Manson, il figlio del diavolo che uccise l'America hippy

Musicista fallito e uno dei più efferati killer d'America La sua setta omicida insanguinò l'estate del 1969

Manson, il figlio del diavolo che uccise l'America hippy

Un altro pezzo tossico del Novecento se ne va. È morto domenica a Bakersfield, dopo una breve agonia per un'emorragia intestinale, Charles Manson, uno dei più grandi criminali del secolo della follia. In due giorni dell'estate del 1969 con una banda di giovani da lui manipolati, mise in fila una tale sequela di orrori ed efferatezze bastevoli per molte vite e per molti ergastoli. Lui ne ha fatto uno, 42 anni di carcere, ma solo perché la condanna a morte che gli era stata comminata fu sbianchettata da un destino beffardo, che provvide ad abolire in California l'esecuzione capitale, facendo di Manson e dei suoi adepti dei morti viventi.

Una morte banale e una vita delirante, quelle di Manson, nato a Cincinnati, in Ohio, il 12 novembre 1934, e cresciuto senza padre e con una madre sbandata. Una lunga gavetta da criminale da strapazzo, con furti, rapine, aggressioni, fermi e fughe, Poi il salto di qualità con lo studio della negromanzia, dell'esoterismo, lo sviluppo della capacità di condizionare e manipolare le menti di cristallo. Il sogno di diventare un musicista hippy, la passione per i Beatles, i contatti con Dennis Wilson dei Beach Boys che naufragarono nel fallimento e nella paranoia di essere stato tradito da Wilson, che avrebbe rubato e riarrangiato un suo brano. Da qui il rancore trasformatosi in odio verso chi ce l'aveva fatta, a diventare famoso. Manson divenne il burattinaio di un gruppo di giovani deboli e balordi. La chiamava la famiglia, o la famiglia Manson: erano sciacquette dai nomi banali: Mary, Patricia, Susan, Sandra, Leslie. Ragazze carine, cervelli da riempire di idee balzane. Poi si unirono altri. Giravano per gli States liberi e selvaggi dell'epoca a bordo di un pulmino dipinto di nero, stordendosi di sesso e di droghe, ci volle poco perché il gruppo di hippy si trasformasse in una specie di setta governata dagli occhi magnetici e dalle parole subdole di Charles. Che riuscì a dare a quel gruppo di disadattati un obiettivo con una data e un luogo: 9 agosto, Cielo Drive. È, quest'ultimo, un ricco sobborgo di Hollywood dove sorgeva una villa che per Manson era il simbolo di tutto ciò che lo ricacciava nell'anonimato, nell'abiezione. A quell'epoca la dimora era abitata dal regista Roman Polanski e della moglie Sharon Tate, all'ottavo mese di gravidanza. Polanski era lontano, stava girando Rosemary's Baby, e Sharon si era circondata di amici: Abigail Folger, il di lei fidanzato Voityck Frykowski, il parrucchiere Jay Sebring. Non c'era però chi Manson pensava e voleva ci fosse, quel Terry Melcher proprietario della villa, produttore musicale che aveva rifiutato le sue canzoni. Manson mandò i suoi uomini e le sue donne a sterminare tutti: cinque morti accoltellati, anche Sharon Tate, e uno dei carnefici, la Atkins, che scrisse «pig» con il suo sangue per indicare le farneticanti colpe dei morti: maiale in inglese.

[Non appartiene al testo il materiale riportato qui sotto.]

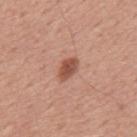  biopsy_status: not biopsied; imaged during a skin examination
  patient:
    sex: male
    age_approx: 50
  image:
    source: total-body photography crop
    field_of_view_mm: 15
  lighting: white-light
  automated_metrics:
    area_mm2_approx: 4.5
    eccentricity: 0.8
    shape_asymmetry: 0.2
    border_irregularity_0_10: 2.0
    peripheral_color_asymmetry: 0.5
  site: mid back
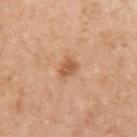Q: Illumination type?
A: white-light
Q: Lesion size?
A: ~2.5 mm (longest diameter)
Q: What did automated image analysis measure?
A: a lesion color around L≈58 a*≈24 b*≈36 in CIELAB, about 10 CIELAB-L* units darker than the surrounding skin, and a normalized border contrast of about 7; a border-irregularity rating of about 3/10, a within-lesion color-variation index near 2.5/10, and peripheral color asymmetry of about 1; a detector confidence of about 100 out of 100 that the crop contains a lesion
Q: What kind of image is this?
A: total-body-photography crop, ~15 mm field of view
Q: What is the anatomic site?
A: the left upper arm
Q: Who is the patient?
A: female, about 40 years old

La famiglia Manson non si fermò e il giorno dopo i giovani posseduti dai demoni di Charles uccisero anche l'impreditore Leno LaBianca e la moglie Rosemary a colpi di forchetta e forchettone, anche in quel caso fu scritto su un muro: morte ai maiali. E maiale doveva essere anche Gary Hinman, che aveva ospitato e poi sfrattato la «family»: via anche lui. Come morì Donald shea, un membro della setta, colpevole di aver sposato una nera. Fatto a pezzi.

Manson e i suoi furono incastrati dopo lunghi mesi di angoscia, processati e condannati a morte il 29 marzo del 1971.

Poi la commutazione della pena. E la seconda vita di Manson in carcere, ogni tanto una richiesta di libertà vigilata, ogni volta respinta. Manson era l'anima nera dell'America falsamente ingenua. Lui è morto, lei sopravvive.